Plot the *residuals* $e_i = y_i - \hat{y}$ versus $y$, where $y_i$ is the data value corresponding to $x_i$ and $\hat{y_i} = b_0 + b_1\cdot x_i$ is the value given by the model at the point $x_i$. 

The plot of $e_i$ versus $x$ and the plot of $e_i$ versus $y$ should not show any pattern. You only need make one of the two plots. 

#### Regression with Transformations to a Linear Model####
**Problem 2** The data file *Boyle_P-V.dat* has the air pressure measurements (in inches of Hg) made in a variable volume cylinder by Robert Boyle in 1660. The idea in the exercise is to obtain the correct relation between Pressure and Volume, using linear regression with *transformed* variables. 
1. Make a scatter plot of Pressure v/s Volume. Does the data show a **linear** association?
2. Using the matrix regression method (outlined above), fit the model: $\hat{P} = b_0 + b_1\cdot V$,
3. Compute the residuals: $e_i = P_i - \hat{P_i}$ and plot (scatterplot) of $e_i$ v/s $\hat{P_i}$. Is there a pattern? 

When $y$ v/s $x$ scatter plot does not show a linear association, a common way is to transform the $y$ variable according to a *ladder of transformations*:
$-1/y ; -1/\sqrt{y} ; \log_{10}(y) ; \sqrt{y} ; y ; y^2 \ldots$
A better way is to examine the residual plot: This *amplifies* any curvature in the original scatter plot/
The transformations can be summarized as:  $y^p$, with $p=0 \rightarrow \log_{10}(y)$. (Note $p$ does not need to be an integer).
1. If your scatter (and residual) plots are: 
2. Convex-up (Cup open upwards), move to a lower power.
3. Convex-down (cup open down), move to a higher power
This can be summarized by the *bulge plot*, which suggests transformations for either variable: 

![tranformations.jpg](attachment:tranformations.jpg)



Transform the **dependent variable** ($y$), in this problem to obtain a suitable fit. With a suitable fit, the residual plot shows **no pattern**. 
Show residual plots for *each step* in the transformation. 
Finally, identify (and eliminate) any points that may be causing the fit to deteriorate. 
Fit your final model without the point(s). Does your model conform to expectations?

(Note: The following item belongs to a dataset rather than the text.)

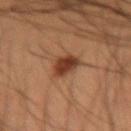Assessment:
Captured during whole-body skin photography for melanoma surveillance; the lesion was not biopsied.
Acquisition and patient details:
A male subject aged around 35. A 15 mm close-up tile from a total-body photography series done for melanoma screening. On the right forearm.

**Problem 3** In 1989, Soviet scientists released data for nuclear weapons tests. Western scientists had previously estimated the size of the explosions using **seismic data**. 

(*Aside: Seismic data is measured on the Richter scale - it is used for earthquakes. The Richter magnitude of an earthquake is determined from the *logarithm* *of the amplitude of waves recorded by seismographs. Because of the logarithmic basis of the scale, each whole number increase in magnitude represents a tenfold increase in measured amplitude; in terms of energy, each whole number increase corresponds to an increase of about 31.6 times the amount of energy released, and each increase of 0.2 corresponds to approximately a doubling of the energy released.* (wiki: Richter_magnitude_scale) - This may help explain the model you obtain).


The data is available in *sovietNuclearExplosion.dat* the 
columns are:  *date*, *Western magnitude est.*, *Soviet Reported yield (Kilotons)*.

Make a scatter plot and simple linear regression fit for *est. magnitude* ($Y$) v/s *yield* ($x$). 

Make a plot of the residuals $e_i = (y_i - \hat{y_{i}})$ v/s $y_i$.

Do you see any pattern in these curves? 

For this problem, transform the **independant** variable: $x$ (according to the ladder of transformations). 

Make a scatter plot of the data in each step. 

Pick a suitable transformation and obtain the model for the nuclear test magnitude on the (transfiormed) yield.

This is a way to obtain a model for the data using linear regression.